Dataset items
════════════════════

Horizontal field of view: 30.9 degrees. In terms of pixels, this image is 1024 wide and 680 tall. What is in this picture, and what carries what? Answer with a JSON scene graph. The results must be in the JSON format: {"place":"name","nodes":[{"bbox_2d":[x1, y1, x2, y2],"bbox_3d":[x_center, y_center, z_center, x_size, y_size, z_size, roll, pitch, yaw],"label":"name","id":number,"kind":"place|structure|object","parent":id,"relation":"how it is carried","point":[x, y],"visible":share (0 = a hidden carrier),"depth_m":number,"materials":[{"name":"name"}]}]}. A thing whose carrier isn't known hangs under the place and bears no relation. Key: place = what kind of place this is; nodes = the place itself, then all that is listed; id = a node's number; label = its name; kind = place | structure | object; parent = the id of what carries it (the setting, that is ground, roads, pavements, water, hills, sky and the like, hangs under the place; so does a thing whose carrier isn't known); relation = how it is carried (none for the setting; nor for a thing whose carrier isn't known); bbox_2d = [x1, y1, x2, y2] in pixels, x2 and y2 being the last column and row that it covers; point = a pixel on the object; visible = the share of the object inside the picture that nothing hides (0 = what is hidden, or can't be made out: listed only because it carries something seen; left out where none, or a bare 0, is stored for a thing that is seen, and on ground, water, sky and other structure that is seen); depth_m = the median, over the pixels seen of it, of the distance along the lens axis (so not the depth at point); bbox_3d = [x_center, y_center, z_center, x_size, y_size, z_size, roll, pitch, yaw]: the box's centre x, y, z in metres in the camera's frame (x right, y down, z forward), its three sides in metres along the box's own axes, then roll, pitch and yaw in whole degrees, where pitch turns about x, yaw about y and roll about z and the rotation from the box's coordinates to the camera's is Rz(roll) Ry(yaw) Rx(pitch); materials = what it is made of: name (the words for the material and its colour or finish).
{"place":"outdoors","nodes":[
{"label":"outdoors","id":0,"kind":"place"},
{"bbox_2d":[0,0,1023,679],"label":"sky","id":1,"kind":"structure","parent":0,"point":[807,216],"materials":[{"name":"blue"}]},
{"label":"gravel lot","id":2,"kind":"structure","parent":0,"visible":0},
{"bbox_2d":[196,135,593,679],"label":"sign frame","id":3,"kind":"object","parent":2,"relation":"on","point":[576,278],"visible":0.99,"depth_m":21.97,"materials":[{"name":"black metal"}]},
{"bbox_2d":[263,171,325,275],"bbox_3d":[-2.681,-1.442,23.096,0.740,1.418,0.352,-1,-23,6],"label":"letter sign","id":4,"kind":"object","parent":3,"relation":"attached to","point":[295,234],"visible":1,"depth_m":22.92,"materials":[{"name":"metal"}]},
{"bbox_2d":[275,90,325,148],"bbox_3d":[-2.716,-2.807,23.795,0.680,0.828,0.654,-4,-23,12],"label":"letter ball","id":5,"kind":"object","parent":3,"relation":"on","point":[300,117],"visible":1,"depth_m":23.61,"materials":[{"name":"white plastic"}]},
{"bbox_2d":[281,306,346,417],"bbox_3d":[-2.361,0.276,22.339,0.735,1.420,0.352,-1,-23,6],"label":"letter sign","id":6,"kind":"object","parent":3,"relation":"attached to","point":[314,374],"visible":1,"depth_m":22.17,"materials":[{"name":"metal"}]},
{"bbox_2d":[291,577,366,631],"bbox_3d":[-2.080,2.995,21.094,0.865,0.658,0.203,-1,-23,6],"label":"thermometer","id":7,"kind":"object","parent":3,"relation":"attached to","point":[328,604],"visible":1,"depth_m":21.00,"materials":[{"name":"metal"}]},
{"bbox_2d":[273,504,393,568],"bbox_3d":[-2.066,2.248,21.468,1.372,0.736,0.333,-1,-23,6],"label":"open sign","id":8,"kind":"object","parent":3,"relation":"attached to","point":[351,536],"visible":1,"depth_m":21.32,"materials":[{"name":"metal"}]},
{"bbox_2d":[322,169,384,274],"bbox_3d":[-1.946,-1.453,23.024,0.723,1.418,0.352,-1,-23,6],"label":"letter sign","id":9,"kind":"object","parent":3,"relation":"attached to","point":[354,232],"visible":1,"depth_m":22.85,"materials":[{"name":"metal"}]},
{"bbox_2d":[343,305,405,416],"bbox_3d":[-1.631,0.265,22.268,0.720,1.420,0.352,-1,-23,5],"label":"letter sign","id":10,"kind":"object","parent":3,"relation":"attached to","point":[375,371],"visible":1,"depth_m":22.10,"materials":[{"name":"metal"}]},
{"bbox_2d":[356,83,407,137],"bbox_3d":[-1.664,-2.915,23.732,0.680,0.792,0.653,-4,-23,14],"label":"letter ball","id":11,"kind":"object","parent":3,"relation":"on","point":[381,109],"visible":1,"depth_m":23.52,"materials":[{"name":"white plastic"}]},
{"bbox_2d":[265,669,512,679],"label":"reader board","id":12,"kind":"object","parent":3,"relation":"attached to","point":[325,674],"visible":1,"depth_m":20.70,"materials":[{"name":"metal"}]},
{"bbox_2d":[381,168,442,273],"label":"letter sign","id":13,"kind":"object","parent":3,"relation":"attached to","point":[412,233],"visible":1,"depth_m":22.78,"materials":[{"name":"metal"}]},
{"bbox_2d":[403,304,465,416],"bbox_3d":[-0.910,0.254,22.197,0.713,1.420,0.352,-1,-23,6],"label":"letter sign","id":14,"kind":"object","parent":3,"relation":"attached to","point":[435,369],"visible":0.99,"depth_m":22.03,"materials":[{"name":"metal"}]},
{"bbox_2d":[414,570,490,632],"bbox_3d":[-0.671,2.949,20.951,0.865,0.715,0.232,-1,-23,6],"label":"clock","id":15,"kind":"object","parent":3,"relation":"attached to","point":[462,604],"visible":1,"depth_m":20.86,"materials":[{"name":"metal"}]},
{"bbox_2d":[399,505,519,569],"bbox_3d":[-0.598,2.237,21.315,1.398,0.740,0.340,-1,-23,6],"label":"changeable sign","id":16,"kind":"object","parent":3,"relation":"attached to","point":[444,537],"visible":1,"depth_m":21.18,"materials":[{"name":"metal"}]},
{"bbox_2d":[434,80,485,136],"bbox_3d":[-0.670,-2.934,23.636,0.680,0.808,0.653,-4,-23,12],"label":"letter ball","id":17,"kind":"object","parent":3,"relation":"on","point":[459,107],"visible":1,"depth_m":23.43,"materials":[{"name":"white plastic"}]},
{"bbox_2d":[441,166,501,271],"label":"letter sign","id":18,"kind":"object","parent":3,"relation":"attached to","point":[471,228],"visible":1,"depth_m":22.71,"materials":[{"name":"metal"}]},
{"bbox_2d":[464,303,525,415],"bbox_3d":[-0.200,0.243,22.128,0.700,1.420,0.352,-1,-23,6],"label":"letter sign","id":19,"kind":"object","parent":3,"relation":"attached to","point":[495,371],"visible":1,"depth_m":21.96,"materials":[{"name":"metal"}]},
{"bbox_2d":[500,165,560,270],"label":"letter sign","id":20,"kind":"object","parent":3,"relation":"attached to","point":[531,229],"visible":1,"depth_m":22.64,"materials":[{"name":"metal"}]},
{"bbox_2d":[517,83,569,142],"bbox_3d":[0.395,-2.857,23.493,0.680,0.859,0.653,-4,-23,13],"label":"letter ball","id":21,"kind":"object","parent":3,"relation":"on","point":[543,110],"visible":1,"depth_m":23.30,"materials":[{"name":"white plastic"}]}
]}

════════════════════

--- Aim of the task ---
Please give back all of the records exactly as written.

--- Your response ---
Horizontal field of view: 30.9 degrees. In terms of pixels, this image is 1024 wide and 680 tall. What is in this picture, and what carries what? Answer with a JSON scene graph. The results must be in the JSON format: {"place":"name","nodes":[{"bbox_2d":[x1, y1, x2, y2],"bbox_3d":[x_center, y_center, z_center, x_size, y_size, z_size, roll, pitch, yaw],"label":"name","id":number,"kind":"place|structure|object","parent":id,"relation":"how it is carried","point":[x, y],"visible":share (0 = a hidden carrier),"depth_m":number,"materials":[{"name":"name"}]}]}. A thing whose carrier isn't known hangs under the place and bears no relation. Key: place = what kind of place this is; nodes = the place itself, then all that is listed; id = a node's number; label = its name; kind = place | structure | object; parent = the id of what carries it (the setting, that is ground, roads, pavements, water, hills, sky and the like, hangs under the place; so does a thing whose carrier isn't known); relation = how it is carried (none for the setting; nor for a thing whose carrier isn't known); bbox_2d = [x1, y1, x2, y2] in pixels, x2 and y2 being the last column and row that it covers; point = a pixel on the object; visible = the share of the object inside the picture that nothing hides (0 = what is hidden, or can't be made out: listed only because it carries something seen; left out where none, or a bare 0, is stored for a thing that is seen, and on ground, water, sky and other structure that is seen); depth_m = the median, over the pixels seen of it, of the distance along the lens axis (so not the depth at point); bbox_3d = [x_center, y_center, z_center, x_size, y_size, z_size, roll, pitch, yaw]: the box's centre x, y, z in metres in the camera's frame (x right, y down, z forward), its three sides in metres along the box's own axes, then roll, pitch and yaw in whole degrees, where pitch turns about x, yaw about y and roll about z and the rotation from the box's coordinates to the camera's is Rz(roll) Ry(yaw) Rx(pitch); materials = what it is made of: name (the words for the material and its colour or finish).
{"place":"outdoors","nodes":[
{"label":"outdoors","id":0,"kind":"place"},
{"bbox_2d":[0,0,1023,679],"label":"sky","id":1,"kind":"structure","parent":0,"point":[807,216],"materials":[{"name":"blue"}]},
{"label":"gravel lot","id":2,"kind":"structure","parent":0,"visible":0},
{"bbox_2d":[196,135,593,679],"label":"sign frame","id":3,"kind":"object","parent":2,"relation":"on","point":[576,278],"visible":0.99,"depth_m":21.97,"materials":[{"name":"black metal"}]},
{"bbox_2d":[263,171,325,275],"bbox_3d":[-2.681,-1.442,23.096,0.740,1.418,0.352,-1,-23,6],"label":"letter sign","id":4,"kind":"object","parent":3,"relation":"attached to","point":[295,234],"visible":1,"depth_m":22.92,"materials":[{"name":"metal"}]},
{"bbox_2d":[275,90,325,148],"bbox_3d":[-2.716,-2.807,23.795,0.680,0.828,0.654,-4,-23,12],"label":"letter ball","id":5,"kind":"object","parent":3,"relation":"on","point":[300,117],"visible":1,"depth_m":23.61,"materials":[{"name":"white plastic"}]},
{"bbox_2d":[281,306,346,417],"bbox_3d":[-2.361,0.276,22.339,0.735,1.420,0.352,-1,-23,6],"label":"letter sign","id":6,"kind":"object","parent":3,"relation":"attached to","point":[314,374],"visible":1,"depth_m":22.17,"materials":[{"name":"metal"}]},
{"bbox_2d":[291,577,366,631],"bbox_3d":[-2.080,2.995,21.094,0.865,0.658,0.203,-1,-23,6],"label":"thermometer","id":7,"kind":"object","parent":3,"relation":"attached to","point":[328,604],"visible":1,"depth_m":21.00,"materials":[{"name":"metal"}]},
{"bbox_2d":[273,504,393,568],"bbox_3d":[-2.066,2.248,21.468,1.372,0.736,0.333,-1,-23,6],"label":"open sign","id":8,"kind":"object","parent":3,"relation":"attached to","point":[351,536],"visible":1,"depth_m":21.32,"materials":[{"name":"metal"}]},
{"bbox_2d":[322,169,384,274],"bbox_3d":[-1.946,-1.453,23.024,0.723,1.418,0.352,-1,-23,6],"label":"letter sign","id":9,"kind":"object","parent":3,"relation":"attached to","point":[354,232],"visible":1,"depth_m":22.85,"materials":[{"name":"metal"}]},
{"bbox_2d":[343,305,405,416],"bbox_3d":[-1.631,0.265,22.268,0.720,1.420,0.352,-1,-23,5],"label":"letter sign","id":10,"kind":"object","parent":3,"relation":"attached to","point":[375,371],"visible":1,"depth_m":22.10,"materials":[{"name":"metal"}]},
{"bbox_2d":[356,83,407,137],"bbox_3d":[-1.664,-2.915,23.732,0.680,0.792,0.653,-4,-23,14],"label":"letter ball","id":11,"kind":"object","parent":3,"relation":"on","point":[381,109],"visible":1,"depth_m":23.52,"materials":[{"name":"white plastic"}]},
{"bbox_2d":[265,669,512,679],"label":"reader board","id":12,"kind":"object","parent":3,"relation":"attached to","point":[325,674],"visible":1,"depth_m":20.70,"materials":[{"name":"metal"}]},
{"bbox_2d":[381,168,442,273],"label":"letter sign","id":13,"kind":"object","parent":3,"relation":"attached to","point":[412,233],"visible":1,"depth_m":22.78,"materials":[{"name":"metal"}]},
{"bbox_2d":[403,304,465,416],"bbox_3d":[-0.910,0.254,22.197,0.713,1.420,0.352,-1,-23,6],"label":"letter sign","id":14,"kind":"object","parent":3,"relation":"attached to","point":[435,369],"visible":0.99,"depth_m":22.03,"materials":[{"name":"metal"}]},
{"bbox_2d":[414,570,490,632],"bbox_3d":[-0.671,2.949,20.951,0.865,0.715,0.232,-1,-23,6],"label":"clock","id":15,"kind":"object","parent":3,"relation":"attached to","point":[462,604],"visible":1,"depth_m":20.86,"materials":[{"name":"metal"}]},
{"bbox_2d":[399,505,519,569],"bbox_3d":[-0.598,2.237,21.315,1.398,0.740,0.340,-1,-23,6],"label":"changeable sign","id":16,"kind":"object","parent":3,"relation":"attached to","point":[444,537],"visible":1,"depth_m":21.18,"materials":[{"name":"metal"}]},
{"bbox_2d":[434,80,485,136],"bbox_3d":[-0.670,-2.934,23.636,0.680,0.808,0.653,-4,-23,12],"label":"letter ball","id":17,"kind":"object","parent":3,"relation":"on","point":[459,107],"visible":1,"depth_m":23.43,"materials":[{"name":"white plastic"}]},
{"bbox_2d":[441,166,501,271],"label":"letter sign","id":18,"kind":"object","parent":3,"relation":"attached to","point":[471,228],"visible":1,"depth_m":22.71,"materials":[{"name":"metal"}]},
{"bbox_2d":[464,303,525,415],"bbox_3d":[-0.200,0.243,22.128,0.700,1.420,0.352,-1,-23,6],"label":"letter sign","id":19,"kind":"object","parent":3,"relation":"attached to","point":[495,371],"visible":1,"depth_m":21.96,"materials":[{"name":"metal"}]},
{"bbox_2d":[500,165,560,270],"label":"letter sign","id":20,"kind":"object","parent":3,"relation":"attached to","point":[531,229],"visible":1,"depth_m":22.64,"materials":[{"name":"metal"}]},
{"bbox_2d":[517,83,569,142],"bbox_3d":[0.395,-2.857,23.493,0.680,0.859,0.653,-4,-23,13],"label":"letter ball","id":21,"kind":"object","parent":3,"relation":"on","point":[543,110],"visible":1,"depth_m":23.30,"materials":[{"name":"white plastic"}]}
]}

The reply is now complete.